A Sketch of Good Communication
“Often I compare my own Fermi estimates with those of other people, and that’s sort of cool, but what’s way more interesting is when they share what variables and models they used to get to the estimate.”
– Oliver Habryka, at a model building workshop at FHI in 2016
One question that people in the AI x-risk community often ask is
“By what year do you assign a 50% probability of human-level AGI?”
We go back and forth with statements like “Well, I think you’re not updating enough on AlphaGo Zero.” “But did you know that person X has 50% in 30 years? You should weigh that heavily in your calculations.”
However, ‘timelines’ is not the interesting question. The interesting parts are in the causal models behind the estimates. Some possibilities:
Do you have a story about how the brain in fact implements back-propagation, and thus whether current ML techniques have all the key insights?
Do you have a story about the reference class of human brains and monkey brains and evolution, that gives a forecast for how hard intelligence is and as such whether it’s achievable this century?

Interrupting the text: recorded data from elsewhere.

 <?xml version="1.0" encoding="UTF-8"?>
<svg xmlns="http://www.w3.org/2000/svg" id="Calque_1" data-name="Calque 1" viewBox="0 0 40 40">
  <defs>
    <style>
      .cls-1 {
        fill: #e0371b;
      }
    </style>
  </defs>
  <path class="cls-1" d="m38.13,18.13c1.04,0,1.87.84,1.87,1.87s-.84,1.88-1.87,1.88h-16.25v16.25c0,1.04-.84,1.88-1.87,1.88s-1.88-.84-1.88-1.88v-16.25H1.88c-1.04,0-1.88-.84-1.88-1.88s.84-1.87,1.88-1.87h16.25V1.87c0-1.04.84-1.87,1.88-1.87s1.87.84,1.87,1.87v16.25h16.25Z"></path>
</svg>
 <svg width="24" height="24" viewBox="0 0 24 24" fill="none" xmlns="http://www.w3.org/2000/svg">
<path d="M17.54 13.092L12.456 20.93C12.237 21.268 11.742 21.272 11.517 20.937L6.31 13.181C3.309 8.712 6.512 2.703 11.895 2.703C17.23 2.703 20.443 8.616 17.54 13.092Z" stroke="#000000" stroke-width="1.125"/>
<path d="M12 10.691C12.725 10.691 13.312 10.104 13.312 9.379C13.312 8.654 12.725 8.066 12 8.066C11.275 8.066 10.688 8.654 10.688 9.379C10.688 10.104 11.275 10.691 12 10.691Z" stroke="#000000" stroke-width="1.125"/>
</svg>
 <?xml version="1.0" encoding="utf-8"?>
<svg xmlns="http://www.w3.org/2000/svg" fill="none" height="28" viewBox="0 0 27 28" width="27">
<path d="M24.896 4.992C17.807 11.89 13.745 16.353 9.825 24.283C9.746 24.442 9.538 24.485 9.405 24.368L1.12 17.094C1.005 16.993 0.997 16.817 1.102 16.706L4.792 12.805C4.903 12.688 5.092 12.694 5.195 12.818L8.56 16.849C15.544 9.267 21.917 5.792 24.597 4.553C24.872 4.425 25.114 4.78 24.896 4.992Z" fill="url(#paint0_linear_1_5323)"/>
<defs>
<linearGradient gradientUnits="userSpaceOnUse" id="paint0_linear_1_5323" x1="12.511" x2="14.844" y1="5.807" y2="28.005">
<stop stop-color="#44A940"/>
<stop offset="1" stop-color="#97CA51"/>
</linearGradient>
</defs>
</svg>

Do you have a story about the amount of resources flowing into the problem, that uses factors like ‘Number of PhDs in ML handed out each year’ and ‘Amount of GPU available to the average PhD’?
Timelines is an area where many people discuss one variable all the time, where in fact the interesting disagreement is much deeper. Regardless of whether our 50% dates are close, when you and I have different models we will often recommend contradictory strategies for reducing x-risk.
For example, Eliezer Yudkowsky, Robin Hanson, and Nick Bostrom all have different timelines, but their models tell such different stories about what’s happening in the world that focusing on timelines instead of the broad differences in their overall pictures is a red herring.
(If in fact two very different models converge in many places, this is indeed evidence of them both capturing the same thing—and the more different the two models are, the more likely this factor is ‘truth’. But if two models significantly disagree on strategy and outcome yet hit the same 50% confidence date, and we should not count this as agreement.)
Let me sketch a general model of communication.
A Sketch
Step 1: You each have a different model that predicts a different probability for a certain event.
Step 2: You talk until you have understood how they see the world.
Step 3: You do some cognitive work to integrate the evidences and ontologies of you and them, and this implies a new probability.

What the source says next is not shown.